In other cases, independent programmers contend that media companies that own multiple programming services — such as NBC Universal, The Walt Disney Co. and Viacom — require affiliates to purchase a suite of networks to gain access to their most popular services.
Fighting that alleged discrimination is tough, say independent programmers, because Federal Communications Commission procedures to deal with such charges are open-ended. Small programmers rarely have the funds to wait years for government intercession.
Wealth TV has filed an FCC complaint against Time Warner Cable, alleging that the operator carried a channel in which it had a financial interest — the now-shuttered Mojo (owned by In Demand Networks, in which TWC is a partner) — rather than negotiating fairly for the all HD, fee-free Wealth TV. (Wealth TV now charges a “minimal, highly competitive” license fee, said president Charles Herring.)
But despite 150 affiliation agreements, Herring said, his channel is not near the 20 million households it needs to be viable. It has been unable to reach large-scale affiliation agreements with such major operators such as Time Warner Cable or Comcast. And with no coverage in the major markets those MSOs control, such as Los Angeles and Chicago, it's nearly impossible to sell national advertising, Herring said. (Wealth TV does have carriage agreements with Charter Communications and Verizon Communications.)
Discrimination against non-aligned networks is “real and needs to be addressed,” said Herring. Wealth TV's growth has also been hampered because small operators' systems are full of channels distributed by the big media companies, which those operators are forced to buy in order to get the channels they actually want, Herring added.
So why did Wealth take a regulatory path that's expensive and alienates operators? Herring said that' s because federal law lacks a so-called shot clock requiring the FCC to act on complaints from programmers within a specific time period.
“You'd think a shot clock would be welcome by both sides,” said Herring. “If I were accused [of discrimination], I'd want to clear my name.”
Wealth's carriage agreement complaint is still pending.
With these challenges, networks are finding other ways to grow, or at least survive, in this troubling economy. Several said overbuilders and competitors such as Verizon and AT&T have been their salvation, for these alternate providers will add niche networks as programming differentiators from incumbent providers.
“We got on Verizon very early on,” said Steve Severn, CEO of the male-targeted MavTV. “They looked at independents that weren't available on cable.” The Verizon pact helped Mav get on Cablevision Systems, he added, because the telco was pushing hard into Cablevision's New York City-area territory.
Tenacity is a required skill to be an independent. “The longer we stay in business, the easier it is to wear down the distributors so they know you're not going to go away,” he said.
Some networks are depending heavily on non-cable partnerships to provide revenue until they can achieve the broad distribution that will generate more affiliate fees and draw in national advertisers.
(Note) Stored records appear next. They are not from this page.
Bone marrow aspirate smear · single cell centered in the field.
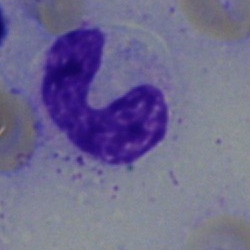
This is a band-form neutrophil.
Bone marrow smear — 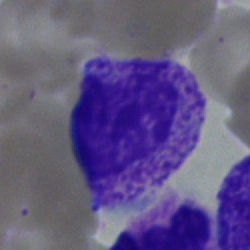
{"cell_type": "myelocyte"}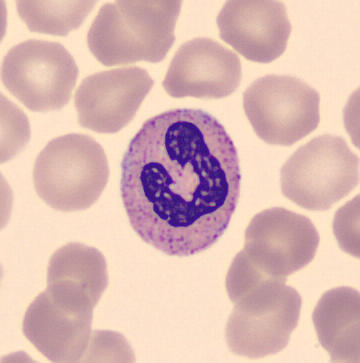The cell shown is a neutrophil (band).
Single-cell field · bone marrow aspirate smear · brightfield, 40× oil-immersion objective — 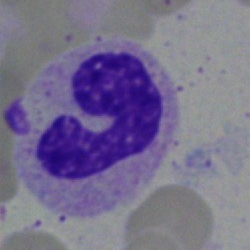The morphological class is band-form neutrophil.
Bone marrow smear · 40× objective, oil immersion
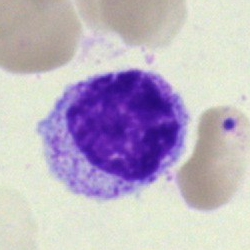Specimen: bone marrow smear.
Cell type: myelocyte.
Lineage: myeloid.
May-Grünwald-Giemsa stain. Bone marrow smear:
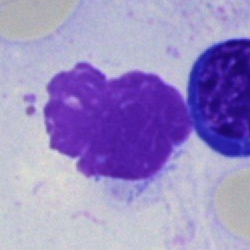 Specimen: bone marrow smear.
Morphological class: artifact.
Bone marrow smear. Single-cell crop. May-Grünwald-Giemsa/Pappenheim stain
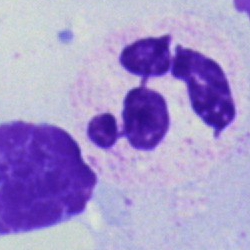
Morphology → neutrophil (segmented).
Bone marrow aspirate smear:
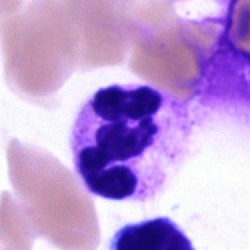Morphology → segmented neutrophil.
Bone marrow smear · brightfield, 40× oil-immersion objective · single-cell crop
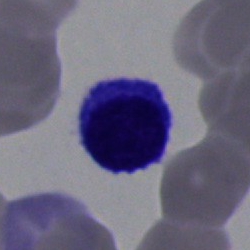
Morphology → lymphocyte.
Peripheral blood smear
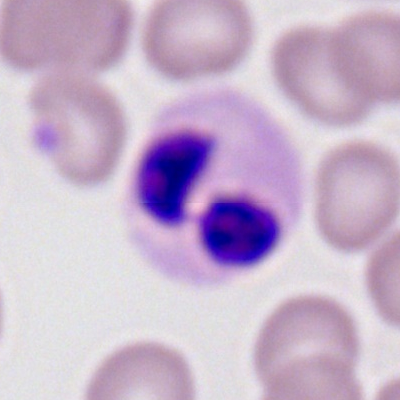
Showing a polymorphonuclear neutrophil.

MavTV relies on a partnership with Lucas Oil Products for survival, said Severn. “I can't imagine 2009” without this partnership, he said.
Lucas Oil creates 100 hours of content for MavTV, ESPN and Versus each year, building its products into the programming.
MavTV is only in 7 million U.S. homes and actually has a broader footprint abroad — it reaches 9 million homes via United Kingdom satellite-TV firm BSkyB and 1 million households in Canada. That international distribution “subsidized our U.S. life,” said Severn.
Horse Racing Television relies on the continued financial support of its owners — Churchill Downs and Magna Entertainment, owner of several racetracks, including Santa Anita Race Track in California — to keep a “very lean” operation going until it can grow large enough to attract mainstream advertisers.
“Misperceptions” that horse racing is all about gambling have also hampered 16 million-subscriber HRTV, said senior vice president of distribution and business development Chris Swan. But the network focuses on good “horse stories,” such as the fate of Barbaro and Smarty Jones' attempt to win the Triple Crown — not wagering — he noted.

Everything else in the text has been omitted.